Jurisdiction. If the courts of the state in which the grantor lives can get jurisdiction over the trust, it will probably do so. In our example, even though the trust is administered in Nevada, Texas courts will try to enforce judgments brought by Texas creditors if the Texas courts can get jurisdiction over the trust. For example, even if the trust is nominally a Nevada trust, if the funds are held in a financial institution in Texas or the trustee lives in Texas, those factors may allow the Texas court to establish jurisdiction over the trustee or the trust assets.
It is therefore best strategy to minimize, to the extent practical, all connections between Texas and the trust. The assets can, for example, he held in a Nevada bank without a Texas branch. The trustee can be a financial institution in Nevada. It is even common to create a business entity, such as an LLC, in the DAPT state that will hold the trust assets. The more steps that are taken in this regard, the more difficult it will be for the courts in the non-DAPT state to assert jurisdiction over the trust assets.
Full Faith and Credit. The United States Constitution requires all states to give “full faith and credit” to the judgments of other states. This seemingly presents a challenge for grantors living in non-DAPT states who want to employ this strategy. In our example, creditors of the grantor may bring an action in Texas and get a judgment in Texas and then bring an action to enforce the judgment in Nevada, seeking to attach the Nevada trust assets.
Still, if the trust is established properly, this should not be an overwhelming concern. While the Nevada court must enforce judgments rendered by the Texas court, assuming the trust is properly set up, the courts of both states will not have authority over the same party. Texas will have personal jurisdiction over the grantor, but no jurisdiction over the trust. Nevada has jurisdiction over the trust, but not over the grantor. Therefore, the Texas judgment against the grantor is meaningless against the trust and the creditors will not be able to get a Texas judgment against the trust, because it has no sufficient nexus to Texas. This illustrates the practical power of separating the grantor from the trust from a legal perspective.

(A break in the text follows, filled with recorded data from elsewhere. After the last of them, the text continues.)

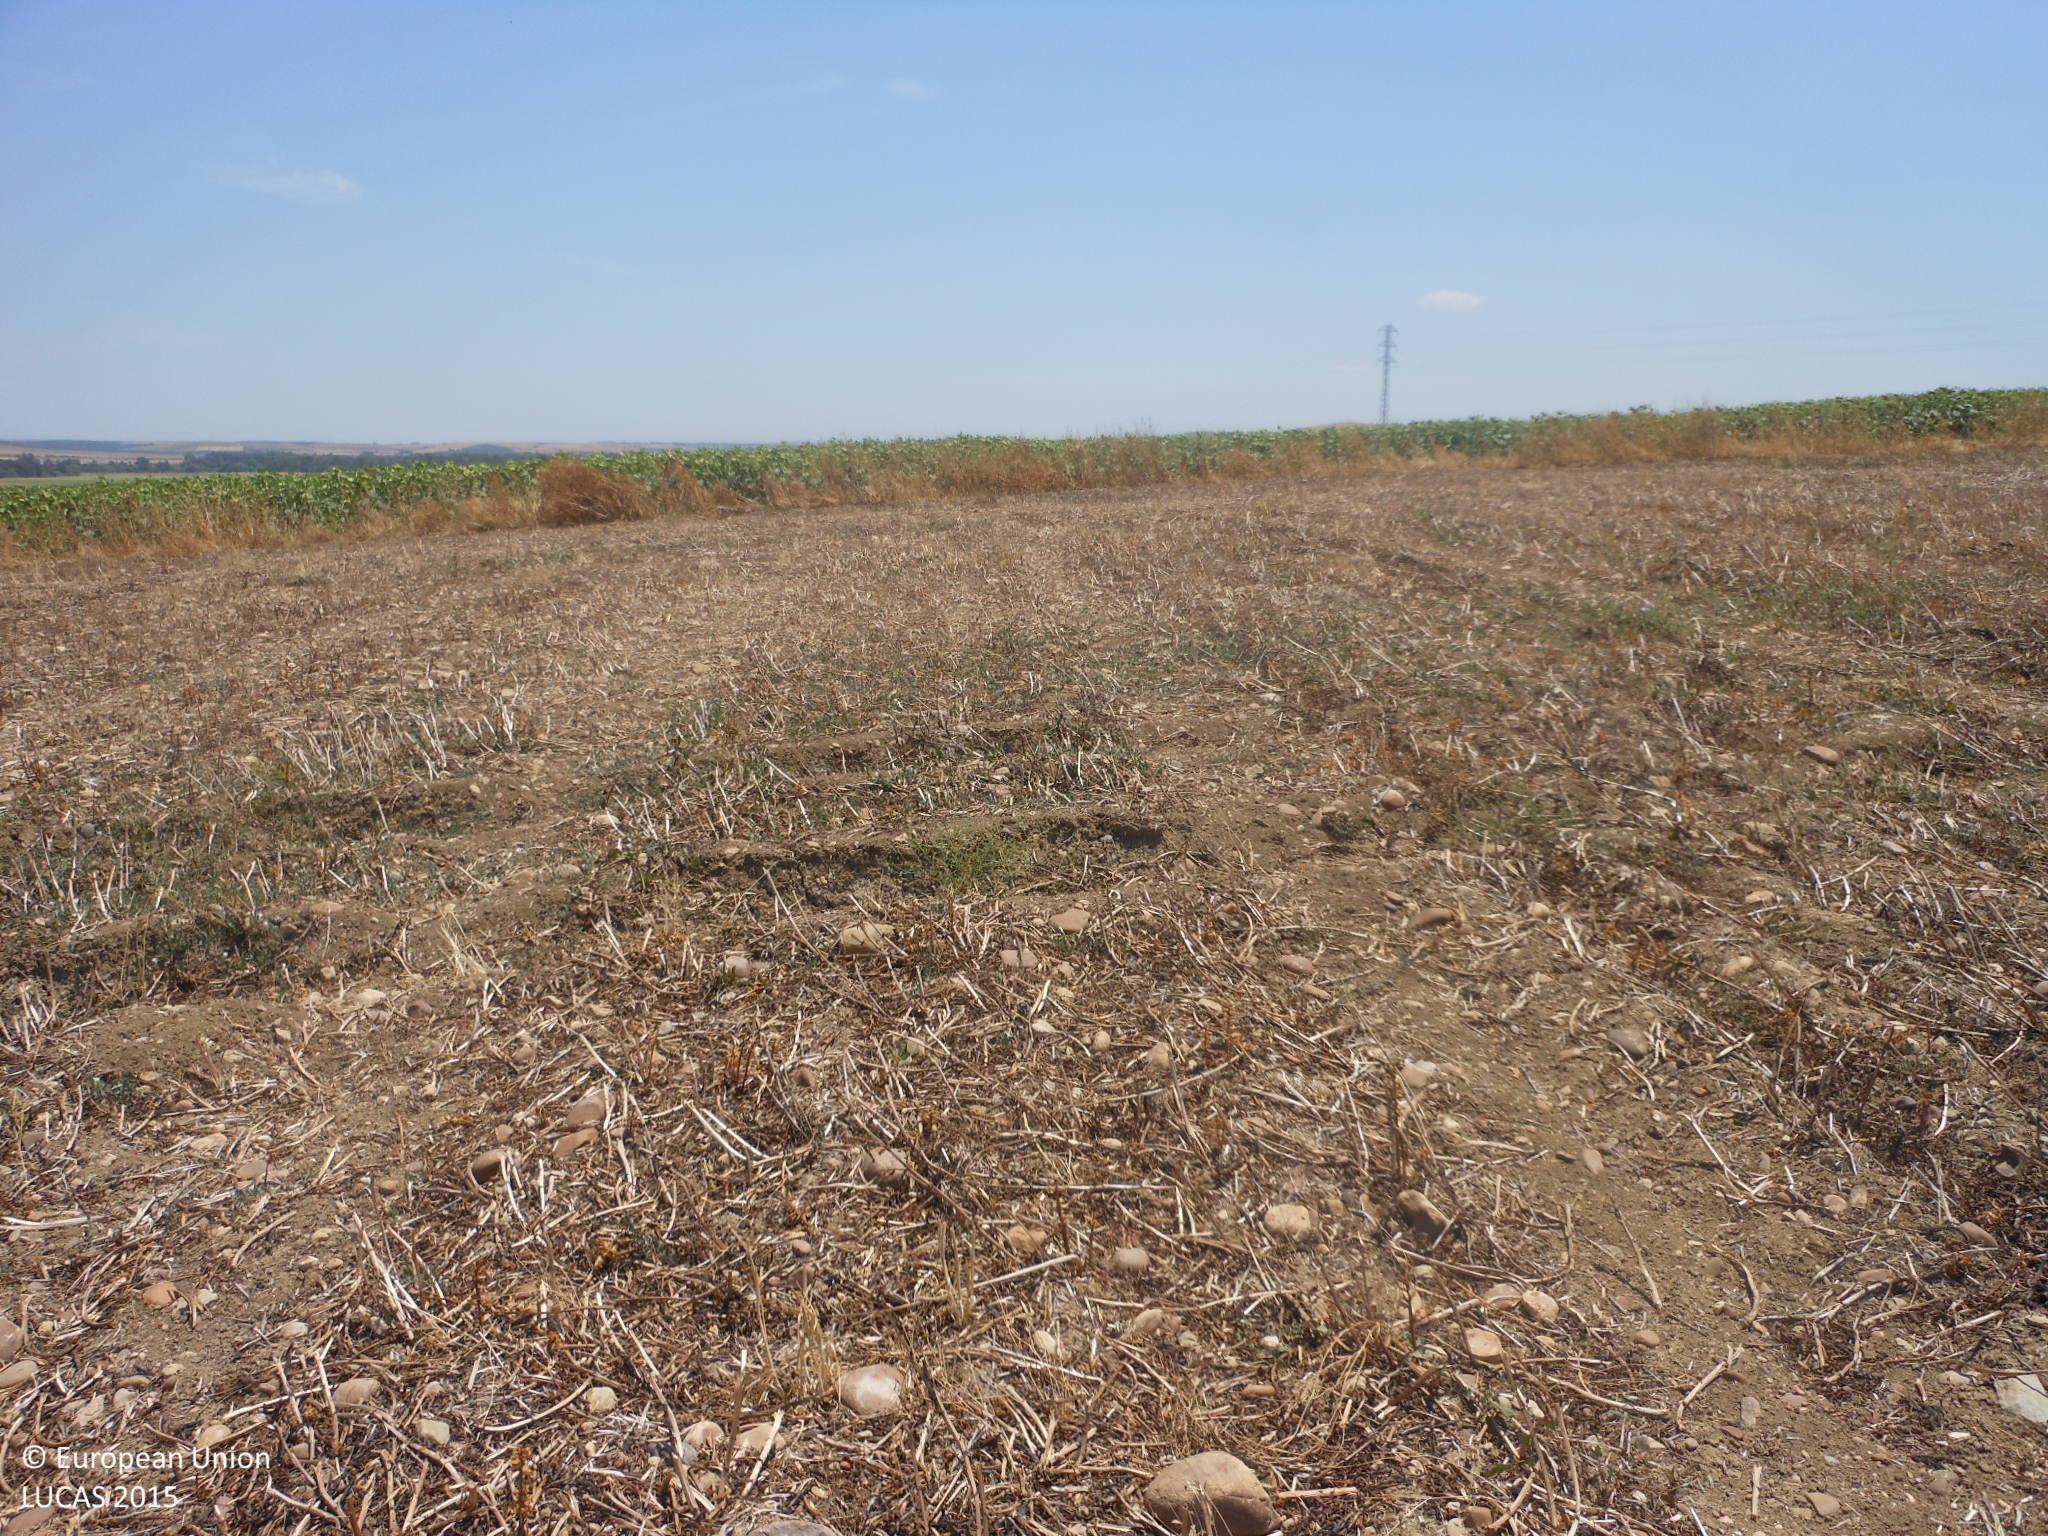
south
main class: Cropland
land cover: Dry pulses
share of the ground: < 10 %
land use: Agriculture (excluding fallow land and kitchen gardens)
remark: Harvested field
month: June
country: ES
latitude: 37.6140
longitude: -5.1386
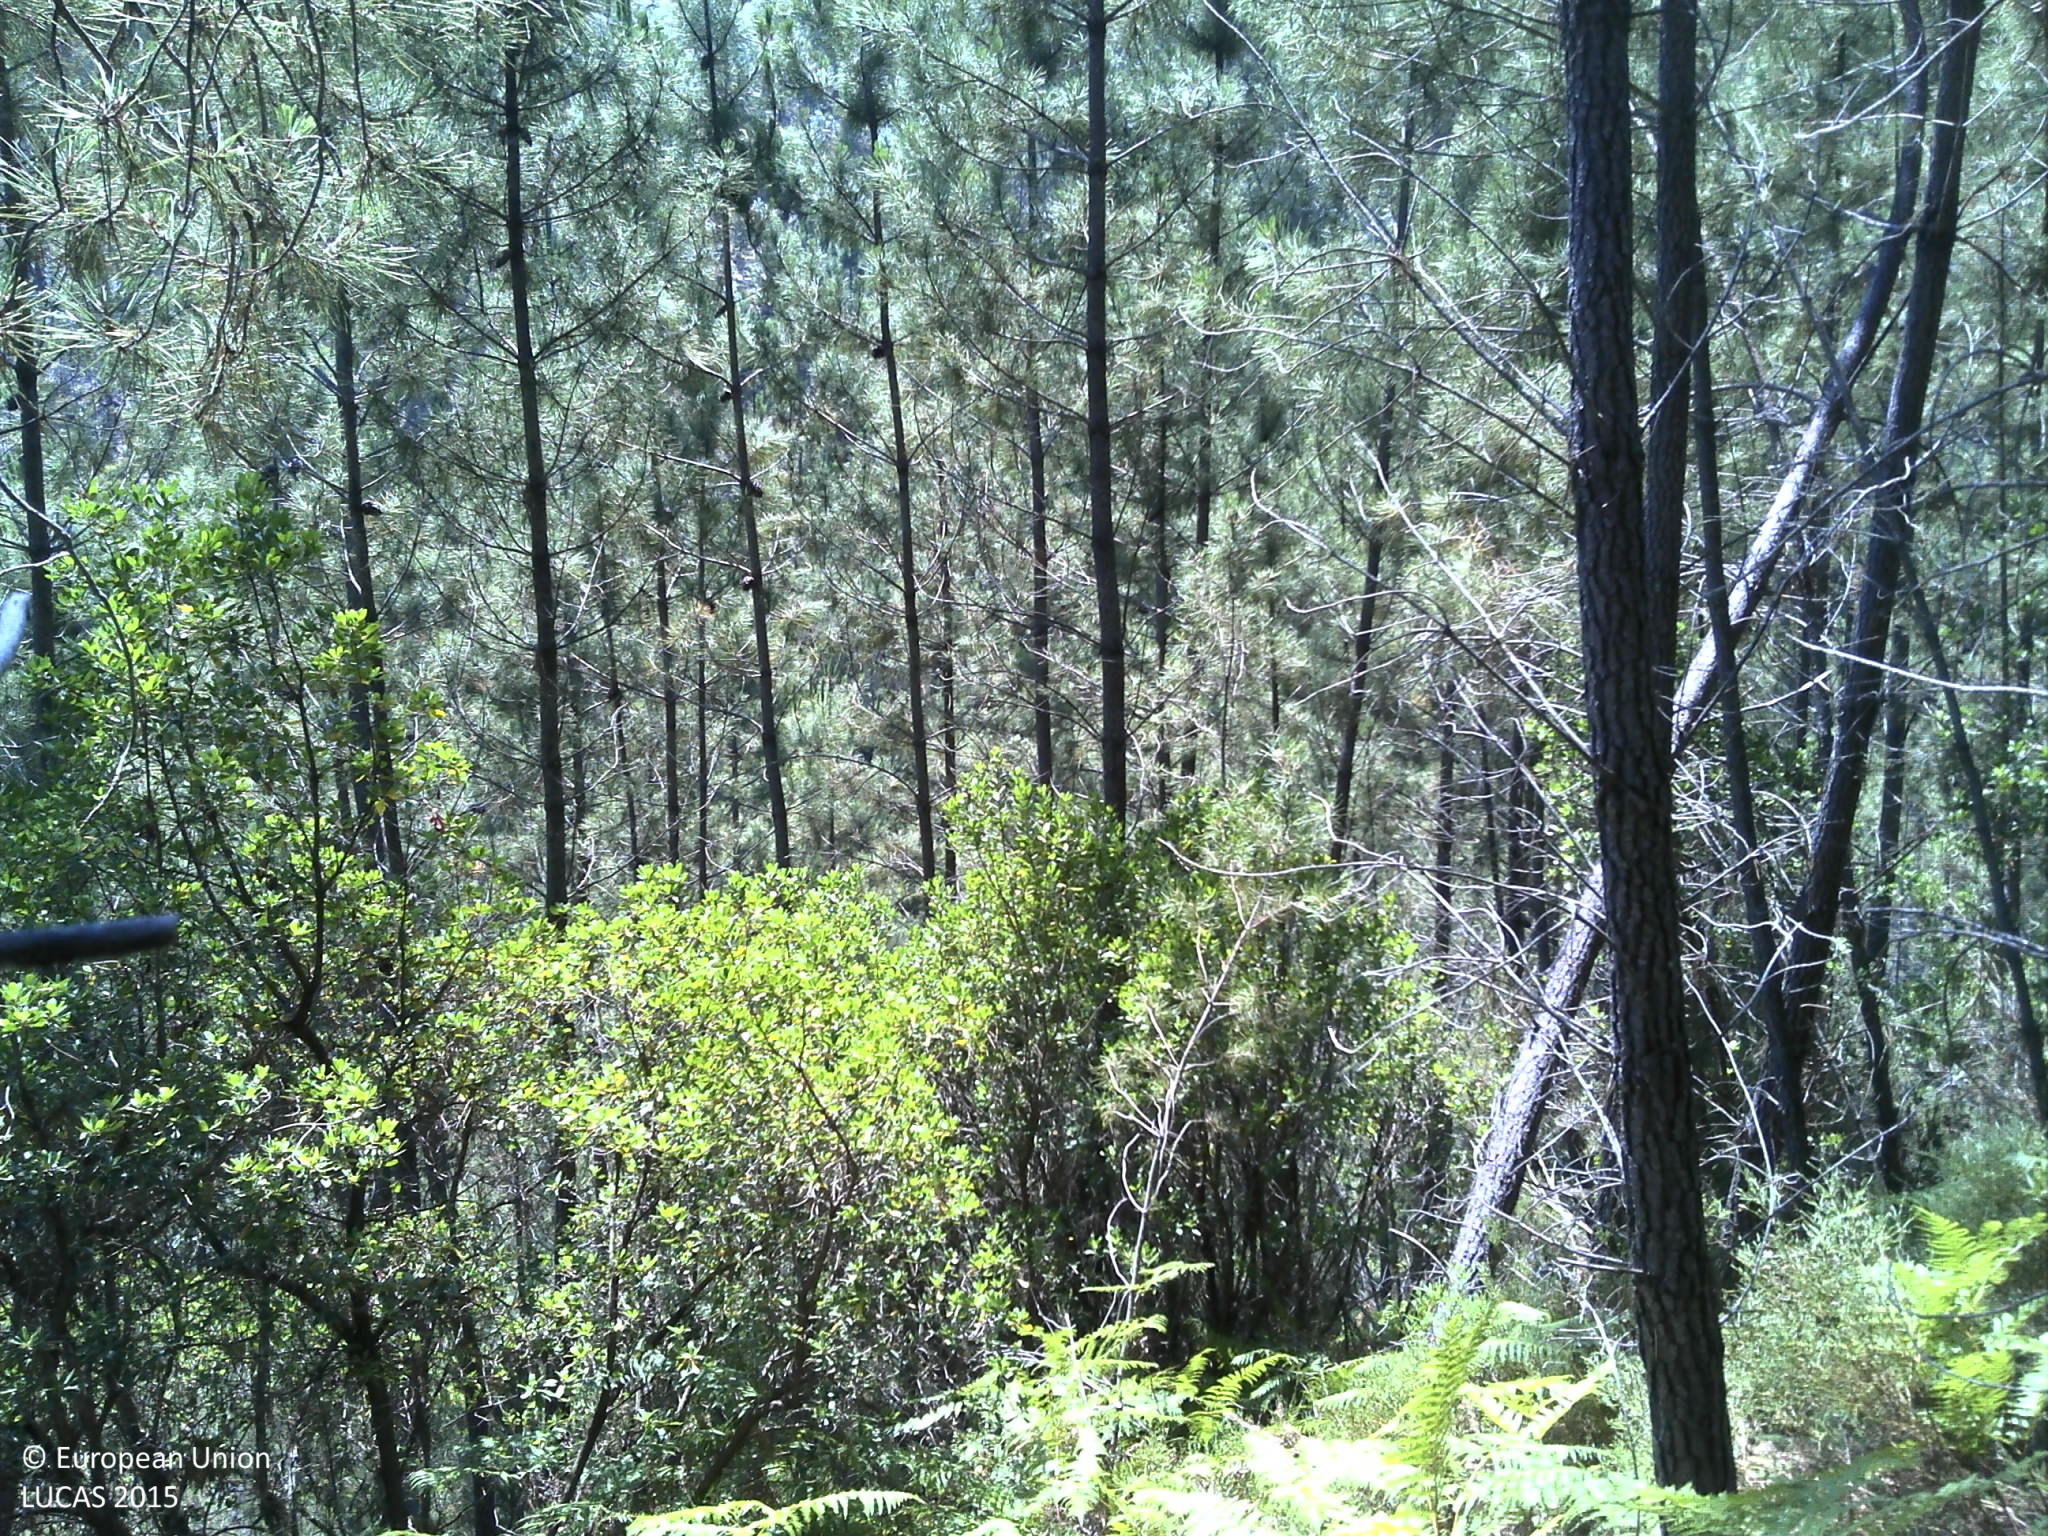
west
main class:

Choice of Law. A domestic asset protection trust established in a state like Nevada is worthless unless the Nevada courts will apply the Nevada law, rather than, for example, Texas law. It is therefore important that the trust contain a “choice of law” provision, expressly stating that the laws of the DAPT state apply. Otherwise, if the grantor and the beneficiaries all live in Texas, even a Nevada court might determine the Texas law should apply, since Texas contains the greatest nexus to the parties that are relevant to the trust.
Even with the choice of law provision requiring that the trust follow Nevada law, for example, the inquiry is not over. The Second Restatement of Conflicts of Laws provides that a trust may choose the laws under which it is governed, if the state whose laws are chosen “has a substantial relation to the trust and that the application of its law does not violate a strong public policy of the state with which… the trust has its most significant relationship.” In other words, the trust must have a substantial relationship with the chosen state and the public policy of another state cannot be violated.
To establish a strong enough nexus with the DAPT-state to ensure a substantial relationship, the same steps we discussed earlier should suffice. For example, if the Nevada trust is managed by a Nevada bank as trustee and the trust assets are kept in a financial institution in Nevada, there’s little doubt that Nevada has a substantial relationship with the trust. Moreover, it would be difficult to argue that Texas public policy is violated if Nevada law applies to a Nevada trust, managed by a Nevada entity in a Nevada financial institution. The same steps that protected the trust under the other inquiries should suffice to satisfy this one.